McCauley went on to explain that the nuclear liability act is meant to cover all kinds of nuclear accidents, but that, when it comes to liability limits, it drew the line on "foreseeable" events. In other testimony, nuclear industry officials explained that the cap keeps the cost of liability insurance affordable.

Albert Sweetnam, executive vice-president of new nuclear builds at Ontario Power Generation, told the committee that containing liability for the nuclear industry is the nature of the beast. "The capacity of utilities and insurance companies are not unlimited so, at some level, all countries provide backstops in some ways."

It's absolutely essential, said Peter Mason, president and chief executive of nuclear supplier GE-Hitachi Nuclear Energy Canada. "If there was not a cap and if there was not suitable legislation insurance in place, then we wouldn't be in the nuclear industry," he explained to the committee.

Research commissioned in 2007 by Defence Research and Development Canada, an arm of the Department of Defence, suggests the cost of a severe nuclear accident, one that releases the radioactive isotope Cesium-137 and results in wide contamination, would be much higher than $650 million.

The research looked at the impact of a relatively small dirty bomb going off in downtown Toronto. It estimated that cleaning up the contamination using the most stringent standards could cost up to $250 billion, and that the economic toll could reach $23.5 billion as anxiety-stricken Torontonians skipped work and flooded medical facilities.

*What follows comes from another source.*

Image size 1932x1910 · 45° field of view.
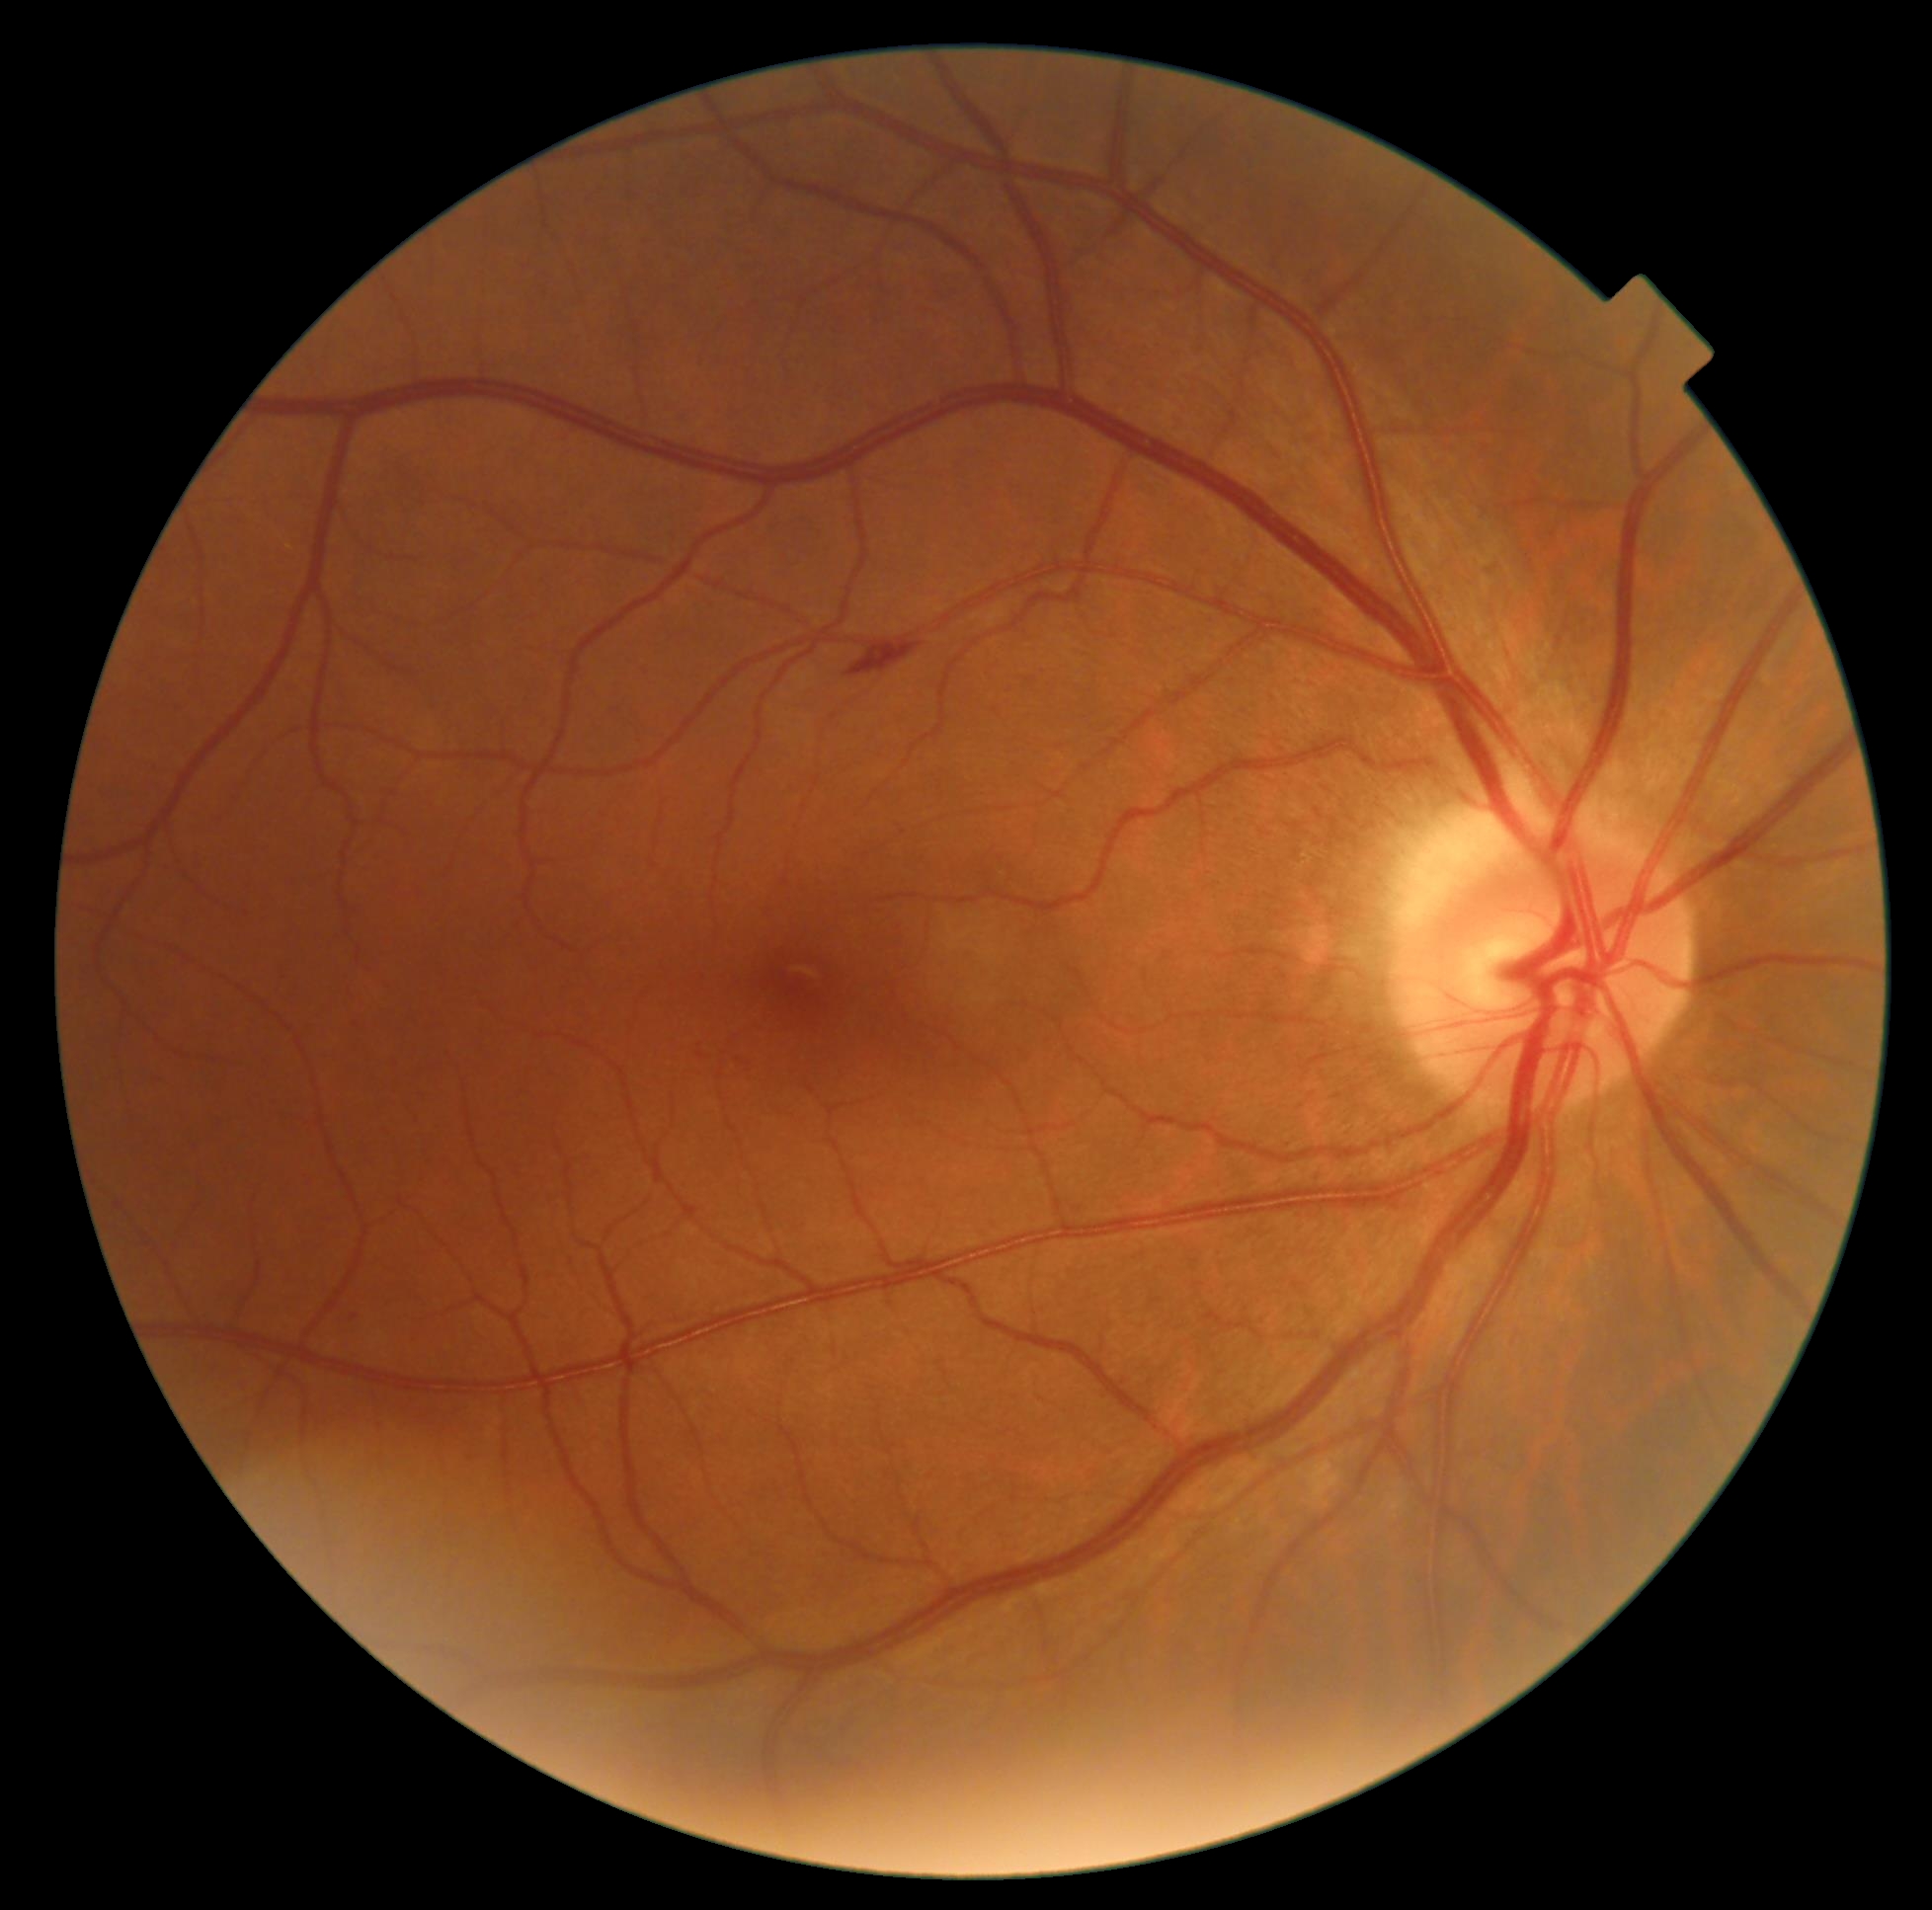

retinopathy = grade 2.

"The amount of radiation assumed for that study is one two-thousandth part of the inventory of the same radioactive isotope in the reactor core of an existing Candu nuclear power plant," Gordon Thompson, executive director of the Institute for Resource and Securities Studies in Cambridge Mass., testified to the committee on November 16.

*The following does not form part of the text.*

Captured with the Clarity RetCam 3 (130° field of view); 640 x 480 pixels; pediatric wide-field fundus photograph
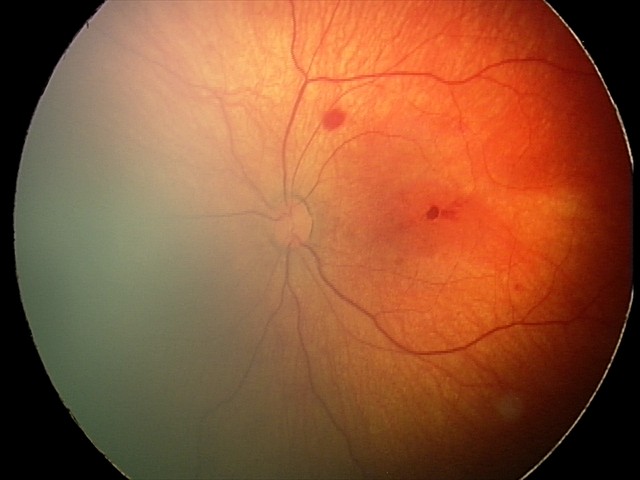

Screening series with retinal hemorrhages.

Michael Binder, president of the Canadian Nuclear Regulatory Commission, called the dirty-bomb scenario in the defence department study "junk science," even though his own agency is cited as a "federal partner" in the research effort and the study's main authors were scientists from prestigious Battelle Memorial Institute in the U.S.

An MP on the committee, Mike Allen, the New Brunswick Conservative for Tobique-Mactaquac, took issue with Cullen's line of questioning. "What Mr. Cullen is talking about is some hairy-fairy idea that is a theoretical concept and it's really not reality, given our 63-year history (of safe nuclear operation)," he said.

Cullen, in an interview, said that is why we have insurance, to cover the cost of something bad happening that has never happened before. "Isn't the nature of accidents that they are sometimes unforeseeable, that they happen in such a way that if they had been foreseen, they wouldn't happen?"